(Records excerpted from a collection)
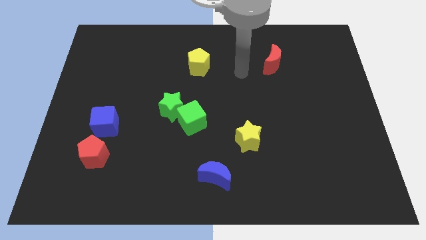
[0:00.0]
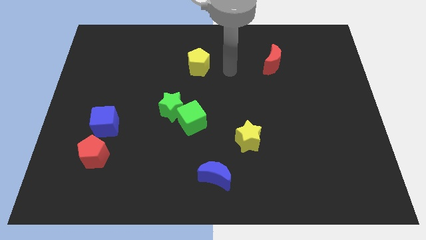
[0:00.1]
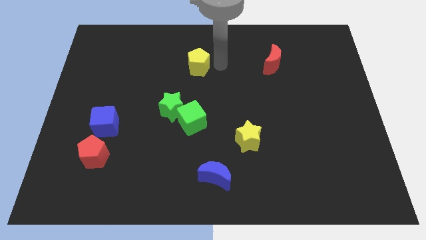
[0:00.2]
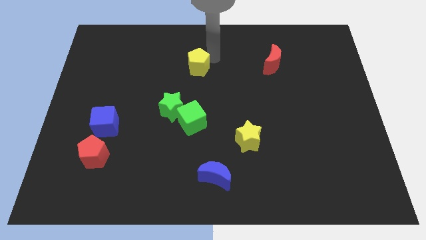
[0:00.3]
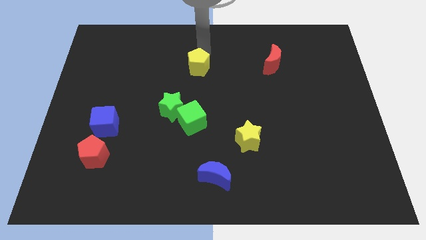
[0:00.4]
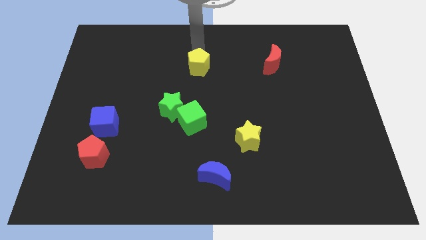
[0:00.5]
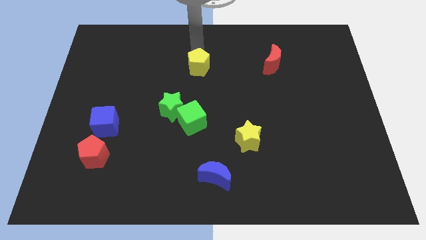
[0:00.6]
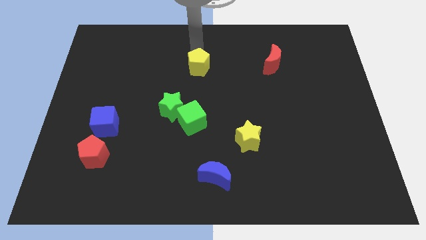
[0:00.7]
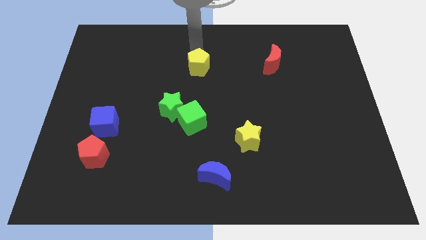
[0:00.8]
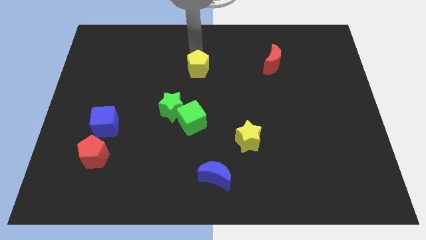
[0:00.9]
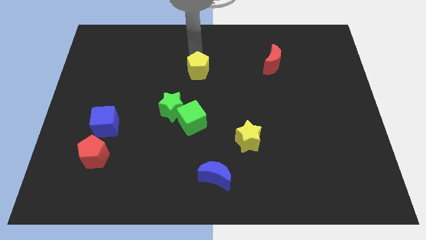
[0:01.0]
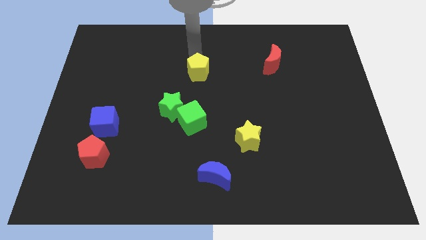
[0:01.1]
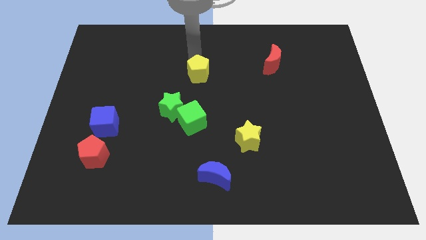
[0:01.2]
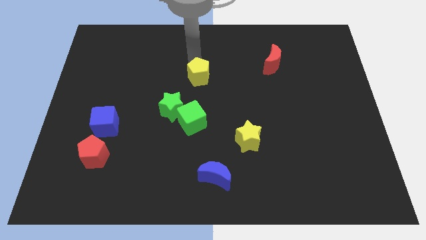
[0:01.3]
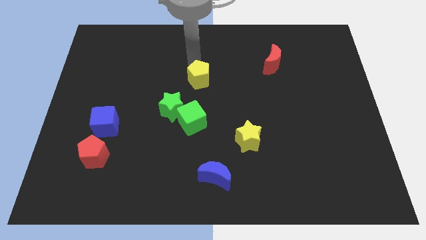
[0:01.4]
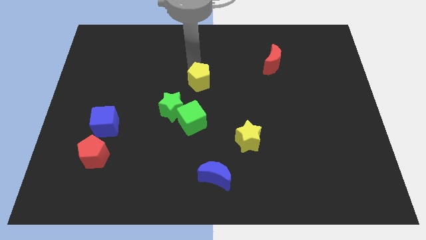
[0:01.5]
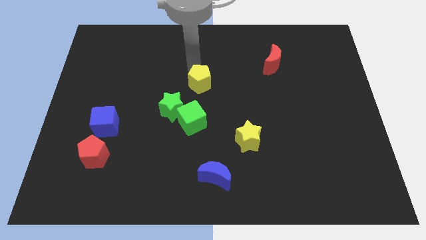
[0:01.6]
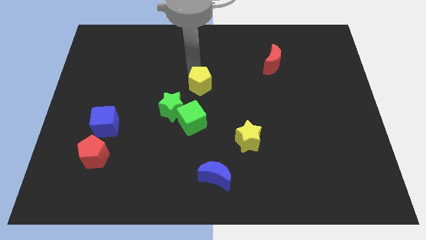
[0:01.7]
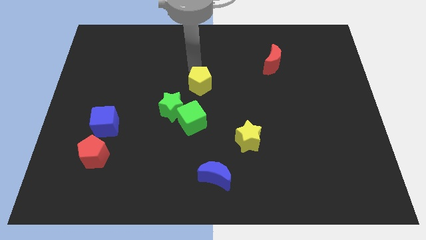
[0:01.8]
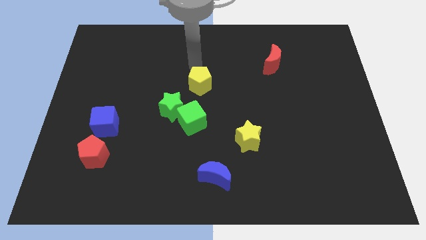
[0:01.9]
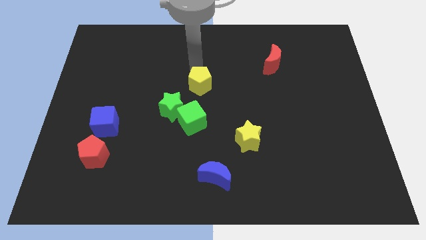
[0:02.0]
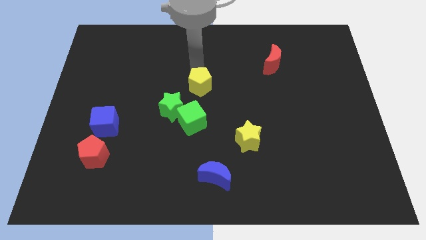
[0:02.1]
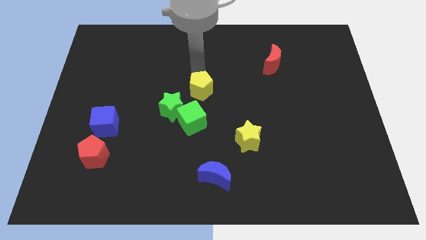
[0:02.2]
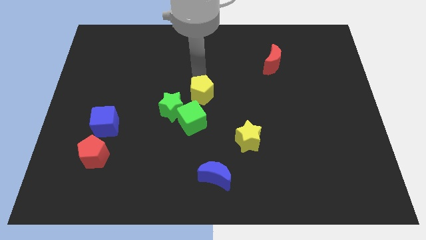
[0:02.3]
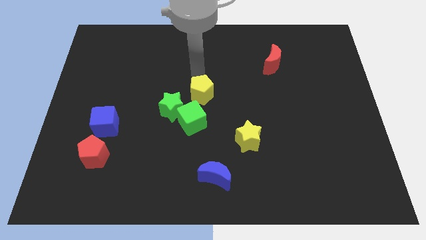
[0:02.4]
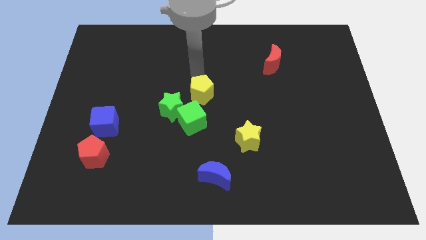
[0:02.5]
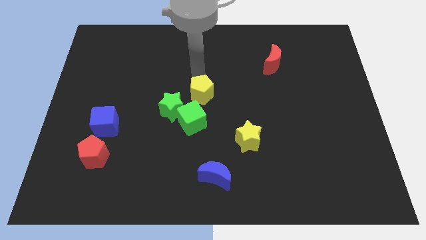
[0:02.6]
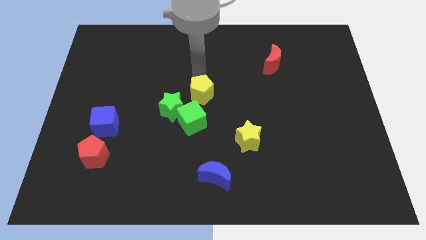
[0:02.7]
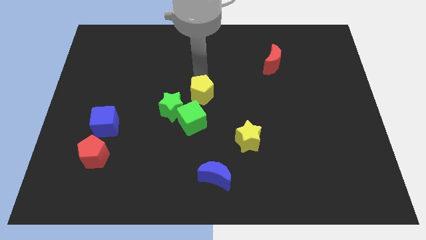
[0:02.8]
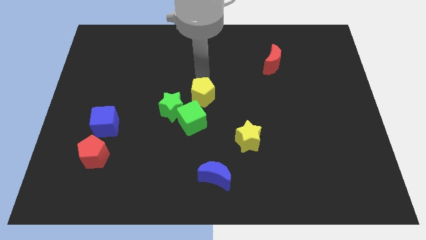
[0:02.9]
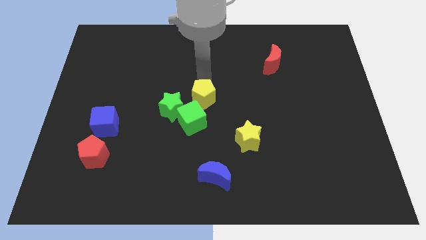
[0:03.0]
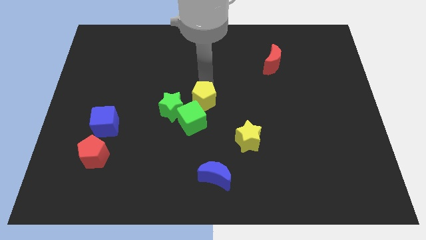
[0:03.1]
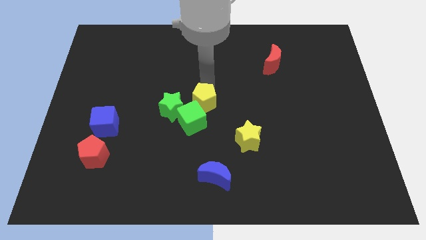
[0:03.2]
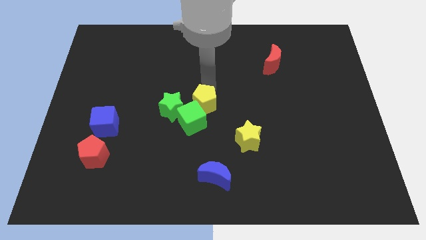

**YOUR ASSIGNMENT:** Retype the data above as given, letting no picture into the copy.

**ANSWER SPACE:**
[0:00.0]
[0:00.1]
[0:00.2]
[0:00.3]
[0:00.4]
[0:00.5]
[0:00.6]
[0:00.7]
[0:00.8]
[0:00.9]
[0:01.0]
[0:01.1]
[0:01.2]
[0:01.3]
[0:01.4]
[0:01.5]
[0:01.6]
[0:01.7]
[0:01.8]
[0:01.9]
[0:02.0]
[0:02.1]
[0:02.2]
[0:02.3]
[0:02.4]
[0:02.5]
[0:02.6]
[0:02.7]
[0:02.8]
[0:02.9]
[0:03.0]
[0:03.1]
[0:03.2]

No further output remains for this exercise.